DISTS-Sq Smoke Checkpoint¶
dists_sq_placeholder_v0 is a tiny-AI smoke checkpoint for the dists_sq full-reference extractor. It locks the DISTS host ABI and lets libvmaf test the two-input ONNX path while the real Ding et al. weights are tracked separately as T7-DISTS-followup.
Model¶
| Field | Value |
|---|---|
| Registry id | dists_sq_placeholder_v0 |
| File | model/tiny/dists_sq.onnx |
| Sidecar | model/tiny/dists_sq.json |
| SHA-256 | ec8433e8c7c6a33ef3032a6e4538833e0bbb59de9f088054bbcb3be0e371ee55 |
| ONNX opset | 17 |
| License | BSD-2-Clause-Patent |
| Generator | ai/scripts/gen_dists_sq_placeholder_onnx.py |
Contract¶
Inputs:
| Name | Type | Shape | Meaning |
|---|---|---|---|
ref | float32 | [1, 3, H, W] | ImageNet-normalised RGB reference frame |
dist | float32 | [1, 3, H, W] | ImageNet-normalised RGB distorted frame |
Output:
| Name | Type | Shape | Meaning |
|---|---|---|---|
score | float32 | scalar | Mean squared distance between ref and dist tensors |
The extractor publishes the scalar as the per-frame dists_sq feature. The host side accepts planar YUV 4:2:0 / 4:2:2 / 4:4:4 at 8, 10, 12, or 16 bpc and normalises high-bit-depth samples into the same RGB8 tensor contract before ImageNet normalisation.
Training and evaluation¶
None. The weights are generated by the script above, not trained, and no quality evaluation exists: the graph computes a plain mean squared distance, so any PLCC/SROCC against subjective scores would not describe DISTS. The registry entry sets "smoke": true for this reason.
Run it¶
dists_sq is a feature extractor (needs libvmaf built with -Denable_dnn=enabled). The option model_path selects the model; without it the extractor reads VMAF_DISTS_SQ_MODEL_PATH:
vmaf --reference ref.yuv --distorted dis.yuv --width 576 --height 324 \
--pixel_format 420 --bitdepth 8 \
--feature dists_sq=model_path=model/tiny/dists_sq.onnx --output score.json
The per-frame dists_sq metric appears in the JSON output. Loading a path that contains dists_sq.onnx or placeholder logs a warning that the weights are synthetic.
Intended Use¶
Use this checkpoint for build, packaging, registry, and smoke-test coverage of the dists_sq extractor. It proves that model lookup, named two-input binding, dynamic image dimensions, and scalar output collection work through the tiny-AI runtime.

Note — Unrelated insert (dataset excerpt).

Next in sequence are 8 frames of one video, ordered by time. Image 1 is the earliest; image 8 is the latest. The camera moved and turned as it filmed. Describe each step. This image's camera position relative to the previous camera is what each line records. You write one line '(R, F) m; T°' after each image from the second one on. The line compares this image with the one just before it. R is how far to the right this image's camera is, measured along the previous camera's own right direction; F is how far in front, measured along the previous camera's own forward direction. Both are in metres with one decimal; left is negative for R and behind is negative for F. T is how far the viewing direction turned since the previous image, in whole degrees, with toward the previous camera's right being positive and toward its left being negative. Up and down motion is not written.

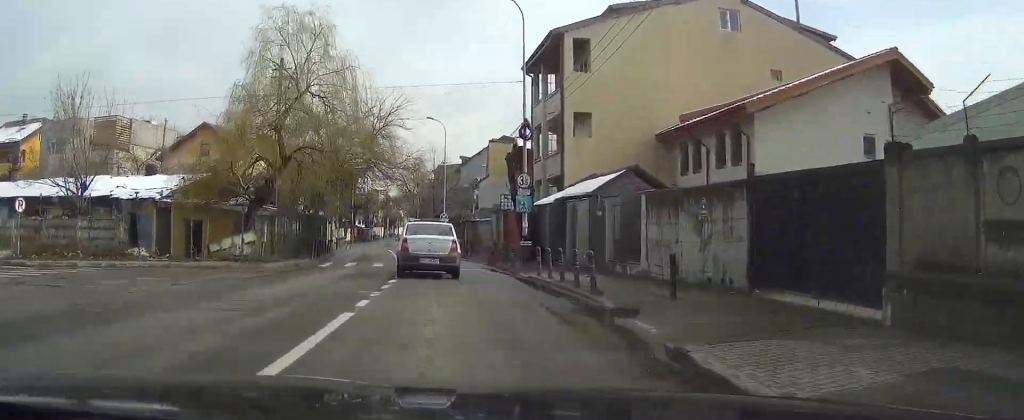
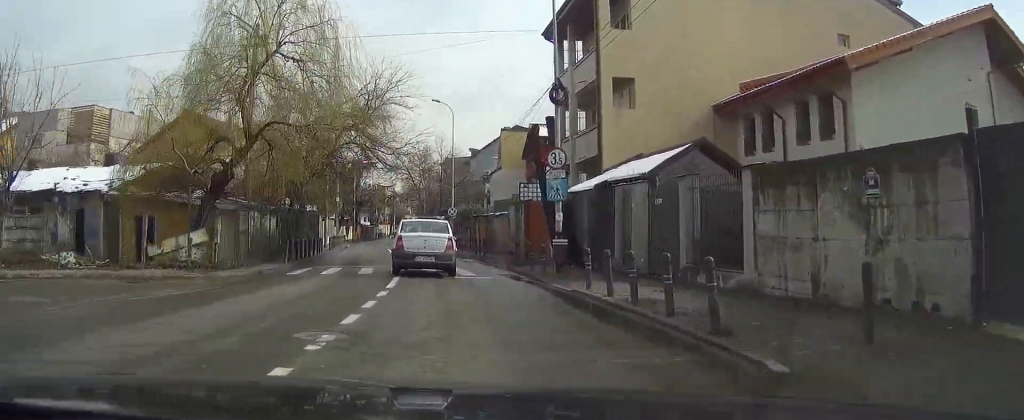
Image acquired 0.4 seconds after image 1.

Do not use this checkpoint for perceptual-quality decisions. It is not a trained DISTS model and intentionally sets "smoke": true in model/tiny/registry.json.
Regeneration¶
.venv/bin/python ai/scripts/gen_dists_sq_placeholder_onnx.py # rewrite model/tiny/dists_sq.onnx
.venv/bin/python ai/scripts/gen_dists_sq_placeholder_onnx.py --check # exit 1 if the file differs
The generator writes the ONNX file only; the sidecar JSON and the registry entry are committed files. The output is byte-identical to the shipped file on every onnx version that serialises the graph the same way, so --check is the test that the registry's SHA-256 still describes what the script builds. After a change, update the SHA-256 and re-run registry validation:
Limitations¶
The graph is Sub -> Mul -> ReduceMean; it contains no learned feature backbone and no DISTS texture/structure statistics. The production follow-up must replace the placeholder with upstream-derived DISTS-compatible weights, pin a new SHA-256, update this model card, and verify representative scores against an independent reference.